A distributed team lets people live where they want. Instead of trying to move the whole world to Silicon Valley a distributed team may have members on every continent. Many of the world’s best engineers like living where they live, and they’ll sooner work for an organization which does not force them to move. Of course for others moving is not a problem, but if someone earlier in life has decided to move there is a good chance the reasons for that move have not changed. Nor may they change just because you want to hire them.

A distributed team also brings other more practical benefits. By staying out of the insane property market which is the Silicon Valley area, you’re increasing employee’s take home pay by tens of thousands of dollars per year, for free! And by cutting out the commute time, team members will be saving an hour or more per day.

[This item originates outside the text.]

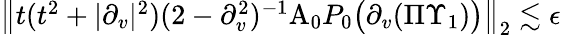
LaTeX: \begin{array}{r}{\left\| t(t^{2}+|\partial_{v}|^{2})(2-\partial_{v}^{2})^{-1}\mathrm{A}_{0}P_{0}\big(\partial_{v}(\Pi\Upsilon_{1})\big)\right\| _{2}\lesssim\epsilon}\end{array}

When you're distributed you need to be more explicit in what you say. For example, this poster is not sugar coating the message.

When you’re distributed you need to be more explicit in what you say. For example, this poster is not sugar coating the message.

Challenges of Distributed Teams

Distributed teams bring their own challenges which may work against student’s weakest attributes: being self-driven and getting things done. Without supervisors or near due dates, many students find it a challenge to get work done. This is a problem for distributed work, you’ll have no one watching over your shoulder. You must know what a reasonable commitment is and have the will power to see the work to completion.

Communication also takes on a different form for distributed teams. For what it is worth: in person conversations are more effective than you might expect. A quick chat with a group member before class could get you unstuck on a nasty bug. Likewise centralized teams have an easy time of sharing progress, just talk about it over lunch. Instead distributed teams must leverage email or wikis. Documenting the project, the meta project, goal, reasoning, all take on extra weight. As does communication finesse. Online we lose non-verbal clues so you must watch how you say things and yet be more direct in saying them. Leaving details as implicit will generate confusion since there is little context for readers to read in between the lines.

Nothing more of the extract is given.